In UTS #39, section 4 Confusable Detection, I read:
> > Implementations do not have to recursively apply the mappings, because the transforms 
are idempotent. That is,
> > skeleton(skeleton(X)) = skeleton(X)
However, for the table MA in confusables.txt, I find the following mappings:
0049 ;    006C ;    MA    # ( I → l ) LATIN CAPITAL LETTER I → LATIN SMALL LETTER L    #
042E ;    0049 004F ;    MA    # ( Ю → IO ) CYRILLIC CAPITAL LETTER YU → LATIN CAPITAL LETTER I, LATIN CAPITAL LETTER O    #

Thus, for a string X composed only of the character U+042E, we have:
X = 042E
skeleton(X) = 0049 004F
skeleton(skeleton(X)) = 006C 004F

Thus for this code point, skeleton(skeleton(X)) is not equal to skeleton(X). This problem 
exists with a dozen other mappings, where a destination code point in a mapping is also 
a source code point in another mapping.

Can you please confirm if my understanding is correct? Or should I have recursively 
applied mappings in skeleton(X)?

Best regards,

Waïl Yahyaoui

Date/Time: Thu Jul 31 11:23:21 CDT 2014
Name: Michael Bobeck
Report Type: Error Report
Opt Subject: Different treatment of Yot cases in xidmodifications.txt

I noticed that in
http://unicode.org/Public/security/7.0.0/xidmodifications.txt and by
extension in other related Unicode files


different cases of Yot are in different categories, one in historic, other
in technical, as follows:

037F          ; restricted ; historic          #      (J)  GREEK CAPITAL
LETTER YOT

03F3          ; restricted ; technical        #      (j)  GREEK LETTER YOT

I think that both Yot cases should be in common historic category. Can you
get Unicode to correct this separate category treatment, so both Yot cases
will be in the same historic category, like all other archaic Greek letters
(digamma stigma heta san koppa sampi sho) are in historic category inside
both http://www.unicode.org/Public/security/revision-03/xidmodifications.txt
and http://unicode.org/Public/security/7.0.0/xidmodifications.txt

Michael Bobeck

Date/Time: Fri Aug 1 03:25:01 CDT 2014
Name: Mark Davis
Report Type: Public Review Issue
Opt Subject: pri273: add short note


There are two kinds of confusability that we should separate in #39 and #36. 
One is where the goal is to "fool the user", such as the "paypal" case. The 
other is where the goal is to "slip by the gatekeeper", such as the 
"Ⓥ*ⓘ*ⓐ*ⓖ*ⓡ*ⓐ" case.

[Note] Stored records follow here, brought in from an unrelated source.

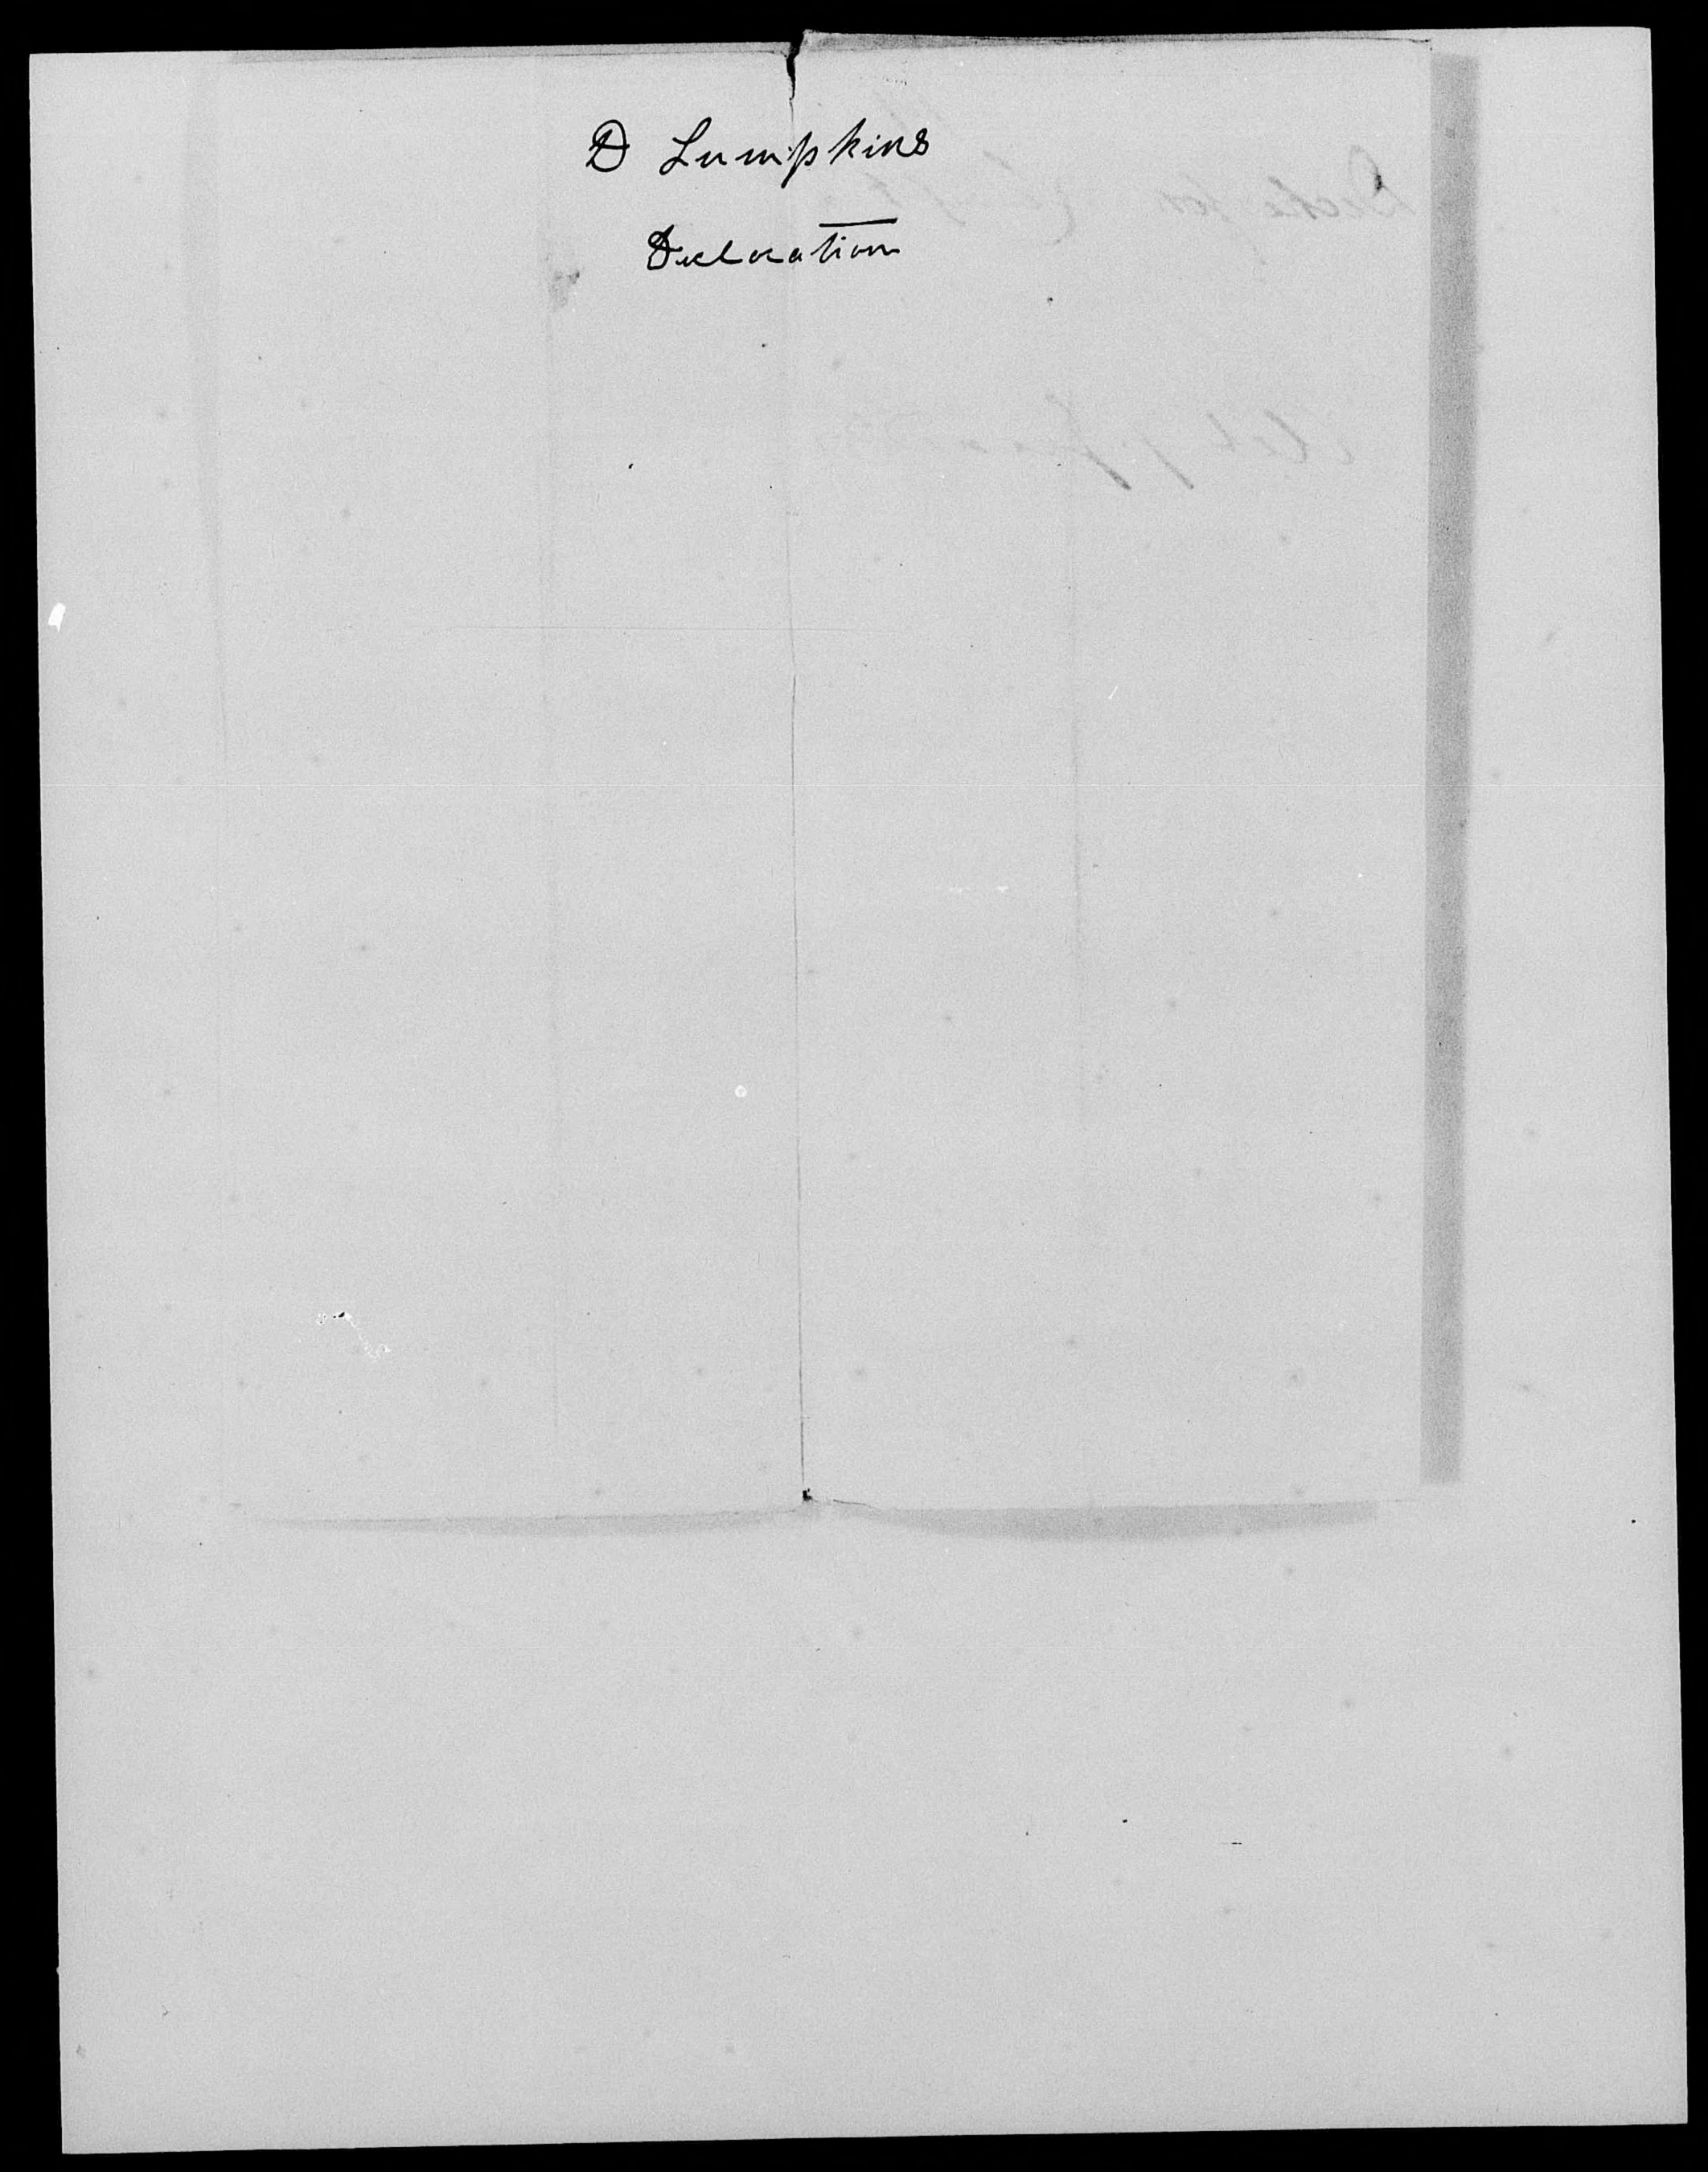(Handwritten document)

D Lumpkins
Declaration

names: D Lumpkins
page: 26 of 37
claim: rejected
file: R. 6521, for Dickeson Lumpkin, Pennsylvania

In this latter case, the end user isn't fooled by 
the characters; instead, the goal is just to be recognizable to the user. 
The real goal is to fool mechanical gatekeepers, such as spam detectors. 
In this, it is related to CAPTCHA examples.

We should include a short note documenting the "gatekeeper" case, and note 
that it has not been a goal for the current data.